Le Lézard
Classified in: Health, Science and technology, Business
Subject: DIV

Health Logic Announces Proposed Shares for Debt Transaction


TSXV: CHIP.H

CALGARY, AB, Oct. 1, 2021 /CNW/ - Health Logic Interactive Inc. ("Health Logic" or the "Company") (TSXV: CHIP.H) (OTCPK: CHYPF), is pleased to announce it has entered into debt settlement agreements (the "Debt Settlement Agreements") with certain directors, officers and consultants of the Company (the "Parties") whereby it has agreed to convert an aggregate of $205,860.34 in payables (the "Payables") owed to the Parties related to expenses, loans and services rendered to the Company up to September 2021 into common shares in the capital of the Company (the "Settlement Shares"). The Company is proposing to issue the Settlement Shares in order to preserve cash to fund future operations. 

Pursuant to the terms of the Debt Settlement Agreements, the Company has agreed to issue an aggregate of 1,029,301 Settlement Shares at a deemed issuance price of $0.20 per Settlement Share in full and final satisfaction of the Payables owing to the Parties. By issuing the Settlement Shares, the Payables will be definitively extinguished.
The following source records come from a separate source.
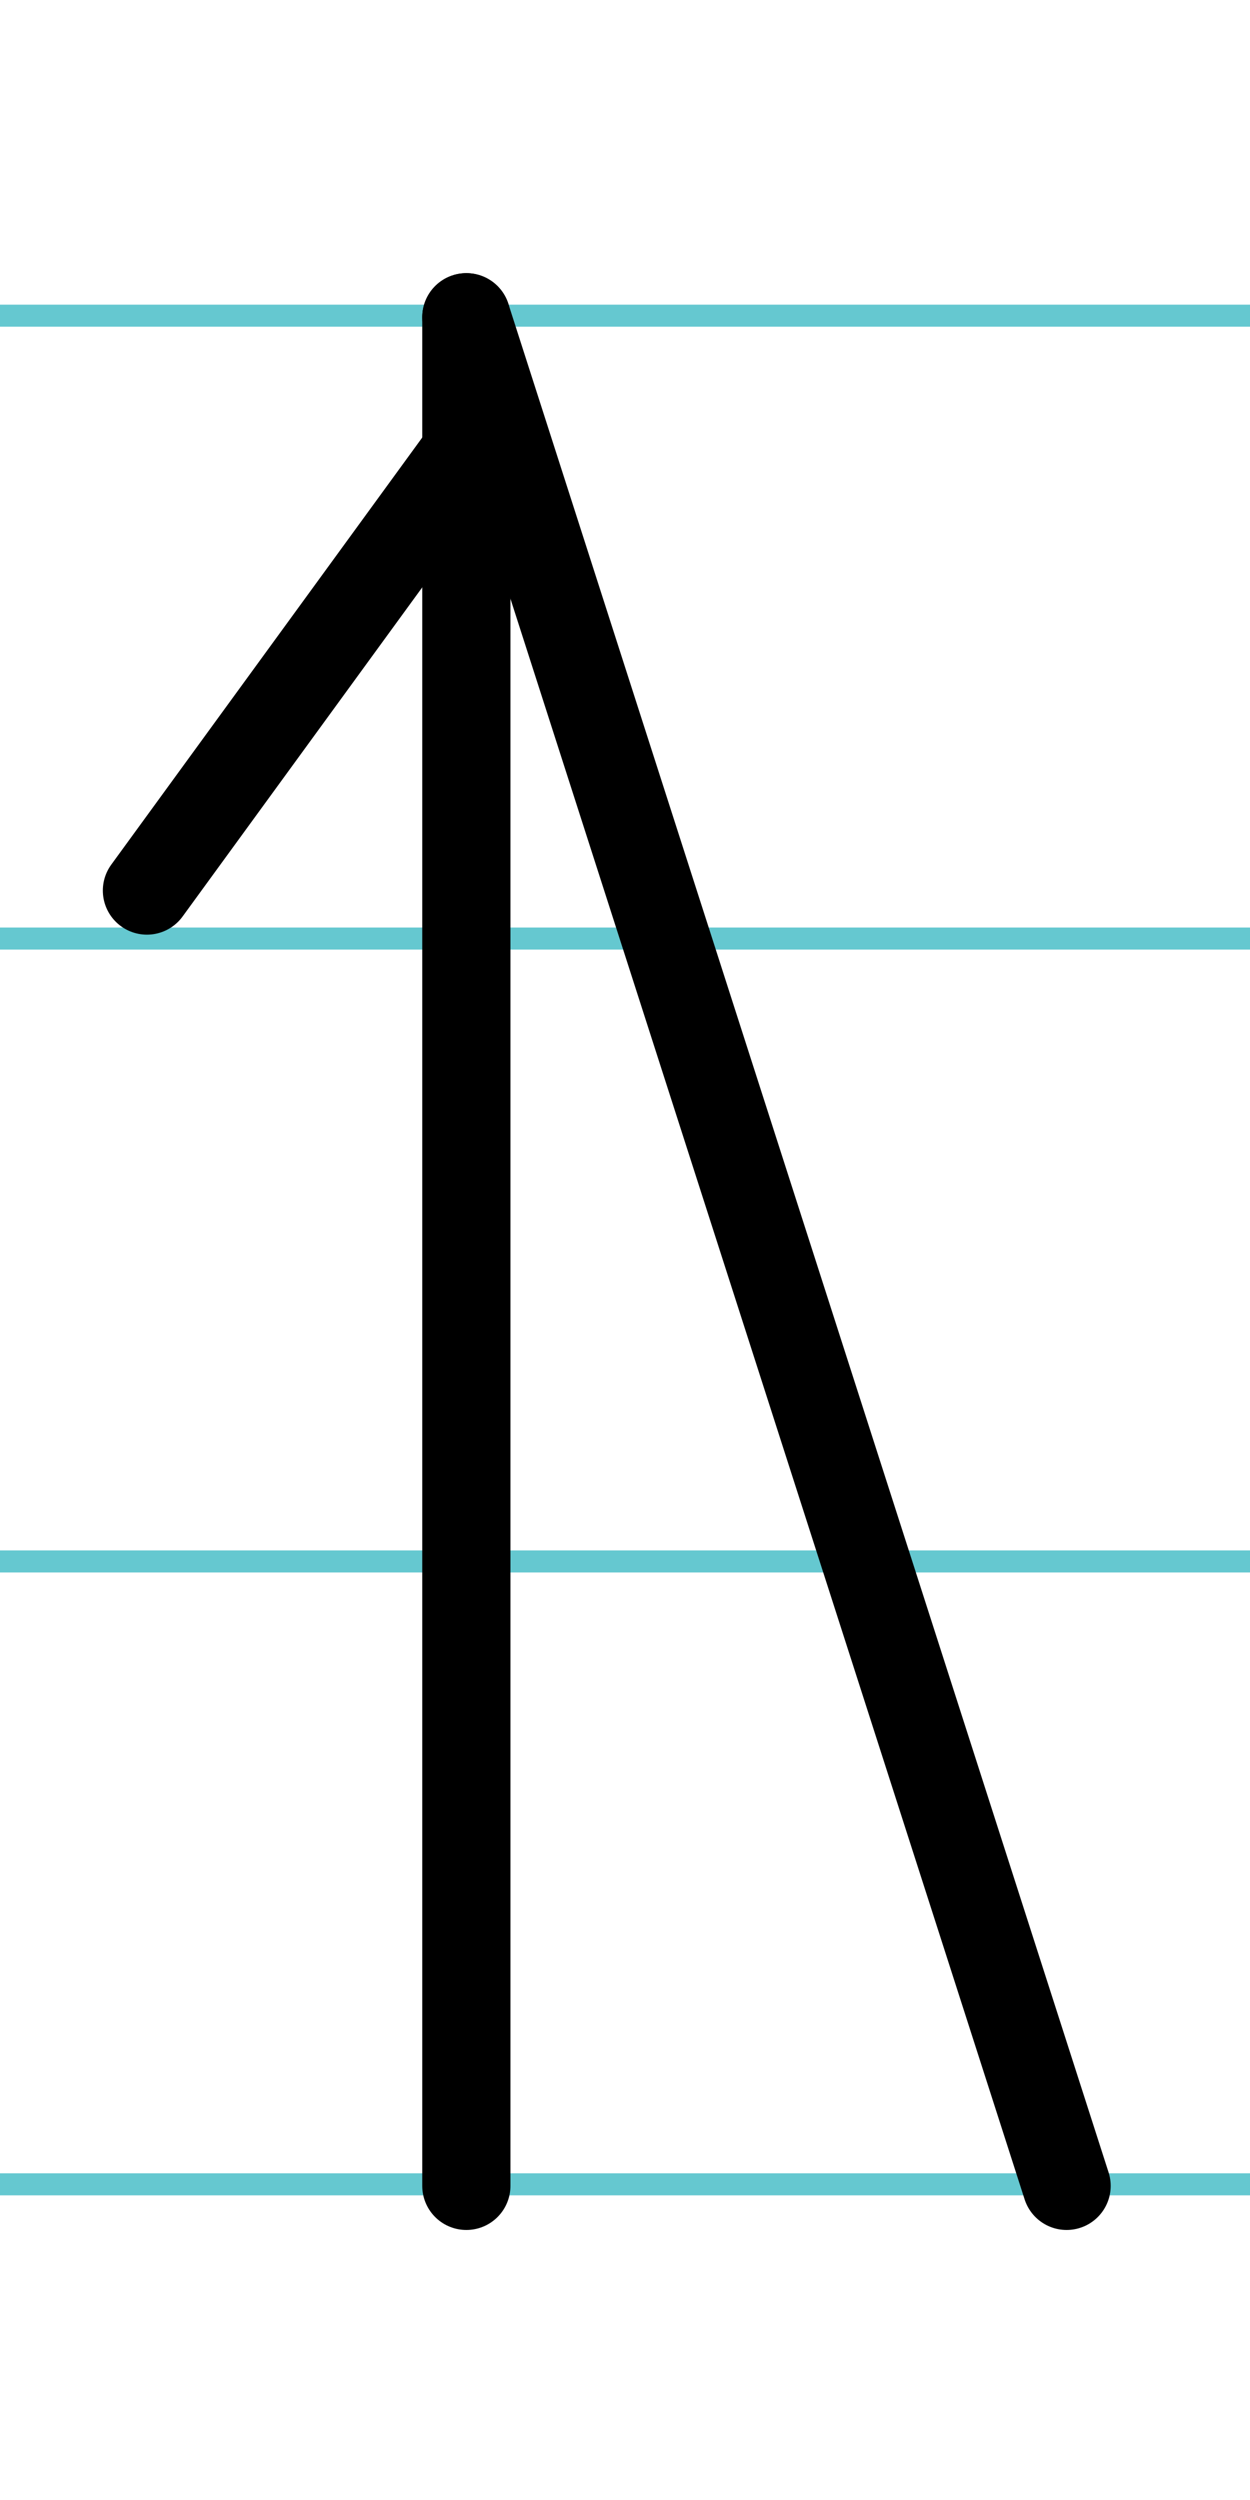 <?xml version="1.0" encoding="UTF-8"?>
<svg xmlns="http://www.w3.org/2000/svg" width="20mm" height="40mm" viewBox="0 0 56.693 113.386">
  <g id="a" data-name="Ebene_1">
    <line x1="-213.706" y1="14.318" x2="1498.438" y2="14.318" fill="none" stroke="#65c8d0" stroke-miterlimit="10"/>
    <line x1="-213.706" y1="42.568" x2="1498.438" y2="42.568" fill="none" stroke="#65c8d0" stroke-miterlimit="10"/>
    <line x1="-213.706" y1="70.818" x2="1498.438" y2="70.818" fill="none" stroke="#65c8d0" stroke-miterlimit="10"/>
    <line x1="-213.706" y1="99.068" x2="1498.438" y2="99.068" fill="none" stroke="#65c8d0" stroke-miterlimit="10"/>
  </g>
  <g id="b" data-name="Ebene_2">
    <g>
      <line x1="21.151" y1="14.389" x2="21.151" y2="99.139" fill="none" stroke="#000" stroke-linecap="round" stroke-miterlimit="10" stroke-width="4"/>
      <line x1="6.664" y1="40.391" x2="21.151" y2="20.495" fill="none" stroke="#000" stroke-linecap="round" stroke-miterlimit="10" stroke-width="4"/>
      <line x1="21.151" y1="14.389" x2="48.375" y2="99.139" fill="none" stroke="#000" stroke-linecap="round" stroke-miterlimit="10" stroke-width="4"/>
    </g>
  </g>
</svg>

The Settlement Shares will be issued in reliance on certain prospectus exemptions available under Canadian securities legislation and will be subject to a four month and one day hold period from the date of issuance. 

789,301 of the Settlement Shares are being issued to insiders of the Company (the "Insiders"). Pursuant to Multilateral Instrument 61-101 ? Protection of Minority Security Holders in Special Transactions ("MI 61-101"), the settlement of the Payables will constitute a "related party transaction" as the Insiders are considered to be related parties to the Company. The Company will rely on exemptions from the formal valuation and minority approval requirements of MI 61-101 (pursuant to subsections 5.5(a) and 5.7(a)) as the fair market value of the securities to be distributed to, and the consideration received from, the Insiders will not exceed 25% of the Company's market capitalization. The settlement of the Payables has been approved by all of the directors of the Company.

Conversion of the Payables and issuance of the Settlement Shares is subject to the acceptance of the TSX Venture Exchange ("TSXV"). There is no guarantee that such conditions precedent will be satisfied or that any of the transactions will be completed as described herein or at all.

About the Company

Health Logic Interactive, through its wholly owned operating subsidiary My Health Logic, is developing and commercializing consumer focused handheld point-of-care diagnostic devices that connect to patient's smartphones and digital continued care platforms. The Company plans to use its patent pending lab-on-chip technology to provide rapid results and facilitate the transfer of that data from the diagnostic device to the patient's smartphone. The Company expects this data collection will allow it to better assess patient risk profiles and provide better patient outcomes. Our mission is to empower people with the ability to get early detection anytime, anywhere with actionable digital management for chronic kidney disease. For more information visit us at: www.healthlogicinteractive.com

Further information regarding Health Logic Interactive Inc. and its disclosure documents are available on SEDAR at www.sedar.com.

Neither the TSX Venture Exchange nor its regulation services provider (as that term is defined in the policies of the TSX Venture Exchange) accepts responsibility for the adequacy or accuracy of this release.

Cautionary Notes

Certain statements contained in this press release constitute "forward-looking statements". All statements other than statements of historical fact contained in this press release, including, without limitation, those related to the completion of the shares for debt transaction, including the conversion of the Payables, issuance of the Settlement Shares, and acceptance by the TSXV, and the Company's strategy, plans, objectives, goals and targets, and any statements preceded by, followed by or that include the words "believe", "expect", "aim", "intend", "plan", "continue", "will", "may", "would", "anticipate", "estimate", "forecast", "predict", "project", "seek", "should" or similar expressions or the negative thereof, are forward-looking statements. These statements are not historical facts but instead represent only the Company's expectations, estimates and projections regarding future events. These statements are not guarantees of future performance and involve assumptions, risks and uncertainties that are difficult to predict. Therefore, actual results may differ materially from what is expressed, implied or forecasted in such forward-looking statements. Additional factors that could cause actual results, performance or achievements to differ materially include, but are not limited to the risk factors discussed in the Company's Management's Discussion and Analysis for the year ended December 31, 2020. Management provides forward-looking statements because it believes they provide useful information to investors when considering their investment objectives and cautions investors not to place undue reliance on forward-looking information. Consequently, all of the forward-looking statements made in this press release are qualified by these cautionary statements and other cautionary statements or factors contained herein, and there can be no assurance that the actual results or developments will be realized or, even if substantially realized, that they will have the expected consequences to, or effects on, the Company. These forward-looking statements are made as of the date of this press release and the Company assumes no obligation to update or revise them to reflect subsequent information, events or circumstances or otherwise, except as required by law.

SOURCE Health Logic Interactive Inc.